(Beginning of The data)

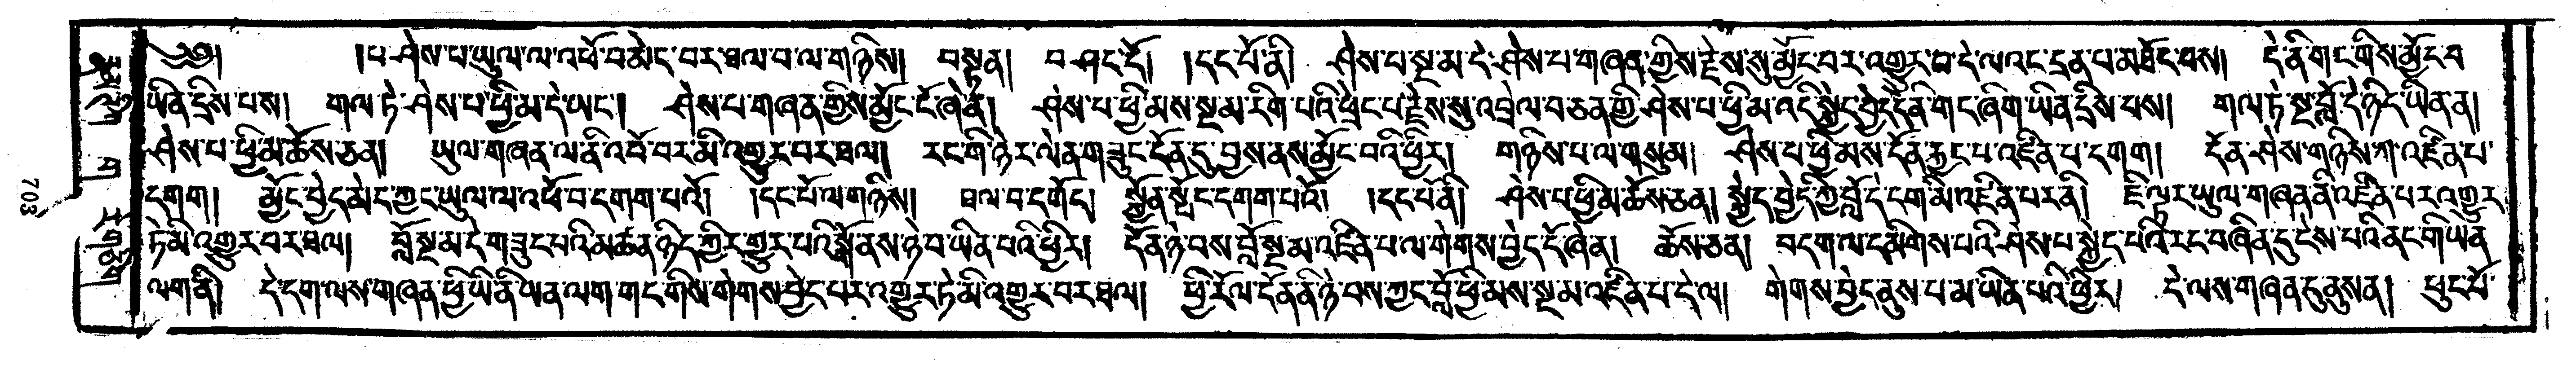༄༅། །པ་ཤེས་པ་ཡུལ་ལ་འཕོ་བ་མེད་བར་ཐལ་བ་ལ་གཉིས། བསྟན། བཤད་དོ། །དང་པོ་ནི། ཤེས་པ་སྔ་མ་དེ་ཤེས་པ་གཞན་གྱིས་རྗེས་སུ་མྱོང་བར་འགྱུར་བ་དེ་ལའང་དྲན་བ་མཐོང་བས། དེ་ནི་གང་གིས་མྱོང་བ་
ཡིན་དྲིས་པས། གལ་ཏེ་ཤེས་པ་ཕྱི་མ་དེ་ཡང་། ཤེས་པ་གཞན་གྱིས་མྱོང་ངོ་ཞེ་ན། ཤེས་པ་ཕྱི་མས་སྔ་མ་རིག་པའི་ཕྲེང་པ་རྗེས་སུ་འབྲེལ་བ་ཅན་གྱི་ཤེས་པ་ཕྱི་མ་འདི་སྐྱེད་བྱེད་དེ་ནི་གང་ཞིག་ཡིན་དྲིས་པས། གལ་ཏེ་སྔ་བློ་དེ་ཉིད་ཡིན་ན།
ཤེས་པ་ཕྱི་མ་ཆོས་ཅན། ཡུལ་གཞན་ལ་ནི་འབོ་བར་མི་འགྱུར་བར་ཐལ། རང་གི་ཉེར་ལེན་གཟུང་དོན་དུ་བྱས་ནས་མྱོང་བའི་ཕྱིར། གཉིས་པ་ལ་གསུམ། ཤེས་པ་ཕྱི་མས་དོན་རྐྱང་པ་འཛིན་པ་དགག། དོན་ཤེས་གཉིས་ཀ་འཛིན་པ་
དགག། མྱོང་བྱེད་མེད་ཀྱང་ཡུལ་ལ་འཕོ་བ་དགག་པའོ། །དང་པོ་ལ་གཉིས། ཐལ་བ་དགོད། སྐྱོན་སྤོང་དགག་པའོ། །དང་པོ་ནི། ཤེས་པ་ཕྱི་མ་ཆོས་ཅན། སྐྱེད་བྱེད་ཀྱི་བློ་དེ་དག་མི་འཛིན་པར་ནི། ཇི་ལྟར་ཡུལ་གཞན་ནི་འཛིན་པར་འགྱུར་
ཏེ་མི་འགྱུར་བར་ཐལ། བློ་སྔ་མ་དེ་གཟུང་པའི་མཚན་ཉིད་ཀྱིར་གྱུར་པའི་སྒོ་ནས་ཉེ་བ་ཡིན་པའི་ཕྱིར། དོན་ཉེ་བས་བློ་སྔ་མ་འཛིན་པ་ལ་གེགས་བྱེད་དོ་ཞེ་ན། ཆོས་ཅན། བདག་ལ་དམིགས་པའི་ཤེས་པ་སྐྱེད་པའི་རང་བཞིན་དུ་ངེས་པའི་ནང་གི་ཡིན་
ལག་ནི། དེ་དག་ལས་གཞན་ཕྱི་ཡི་ནི་ཡན་ལག་གང་གིས་གེགས་བྱེད་པར་འགྱུར་ཏེ་མི་འགྱུར་བར་ཐལ། ཕྱི་རོལ་དོན་ནི་ཉེ་བས་ཀྱང་བློ་ཕྱི་མས་སྔ་མ་འཛིན་པ་དེ་ལ། གེགས་བྱེད་ནུས་པ་མ་ཡིན་པའི་ཕྱིར། དེ་ལས་གཞན་དུ་ནུས་ན། ཕུང་པོ་

(End of The data)

- Exercise brief
A faithful, word-for-word version of the records above is needed, with no images in it.

- Task result
༄༅། །པ་ཤེས་པ་ཡུལ་ལ་འཕོ་བ་མེད་བར་ཐལ་བ་ལ་གཉིས། བསྟན། བཤད་དོ། །དང་པོ་ནི། ཤེས་པ་སྔ་མ་དེ་ཤེས་པ་གཞན་གྱིས་རྗེས་སུ་མྱོང་བར་འགྱུར་བ་དེ་ལའང་དྲན་བ་མཐོང་བས། དེ་ནི་གང་གིས་མྱོང་བ་
ཡིན་དྲིས་པས། གལ་ཏེ་ཤེས་པ་ཕྱི་མ་དེ་ཡང་། ཤེས་པ་གཞན་གྱིས་མྱོང་ངོ་ཞེ་ན། ཤེས་པ་ཕྱི་མས་སྔ་མ་རིག་པའི་ཕྲེང་པ་རྗེས་སུ་འབྲེལ་བ་ཅན་གྱི་ཤེས་པ་ཕྱི་མ་འདི་སྐྱེད་བྱེད་དེ་ནི་གང་ཞིག་ཡིན་དྲིས་པས། གལ་ཏེ་སྔ་བློ་དེ་ཉིད་ཡིན་ན།
ཤེས་པ་ཕྱི་མ་ཆོས་ཅན། ཡུལ་གཞན་ལ་ནི་འབོ་བར་མི་འགྱུར་བར་ཐལ། རང་གི་ཉེར་ལེན་གཟུང་དོན་དུ་བྱས་ནས་མྱོང་བའི་ཕྱིར། གཉིས་པ་ལ་གསུམ། ཤེས་པ་ཕྱི་མས་དོན་རྐྱང་པ་འཛིན་པ་དགག། དོན་ཤེས་གཉིས་ཀ་འཛིན་པ་
དགག། མྱོང་བྱེད་མེད་ཀྱང་ཡུལ་ལ་འཕོ་བ་དགག་པའོ། །དང་པོ་ལ་གཉིས། ཐལ་བ་དགོད། སྐྱོན་སྤོང་དགག་པའོ། །དང་པོ་ནི། ཤེས་པ་ཕྱི་མ་ཆོས་ཅན། སྐྱེད་བྱེད་ཀྱི་བློ་དེ་དག་མི་འཛིན་པར་ནི། ཇི་ལྟར་ཡུལ་གཞན་ནི་འཛིན་པར་འགྱུར་
ཏེ་མི་འགྱུར་བར་ཐལ། བློ་སྔ་མ་དེ་གཟུང་པའི་མཚན་ཉིད་ཀྱིར་གྱུར་པའི་སྒོ་ནས་ཉེ་བ་ཡིན་པའི་ཕྱིར། དོན་ཉེ་བས་བློ་སྔ་མ་འཛིན་པ་ལ་གེགས་བྱེད་དོ་ཞེ་ན། ཆོས་ཅན། བདག་ལ་དམིགས་པའི་ཤེས་པ་སྐྱེད་པའི་རང་བཞིན་དུ་ངེས་པའི་ནང་གི་ཡིན་
ལག་ནི། དེ་དག་ལས་གཞན་ཕྱི་ཡི་ནི་ཡན་ལག་གང་གིས་གེགས་བྱེད་པར་འགྱུར་ཏེ་མི་འགྱུར་བར་ཐལ། ཕྱི་རོལ་དོན་ནི་ཉེ་བས་ཀྱང་བློ་ཕྱི་མས་སྔ་མ་འཛིན་པ་དེ་ལ། གེགས་བྱེད་ནུས་པ་མ་ཡིན་པའི་ཕྱིར། དེ་ལས་གཞན་དུ་ནུས་ན། ཕུང་པོ་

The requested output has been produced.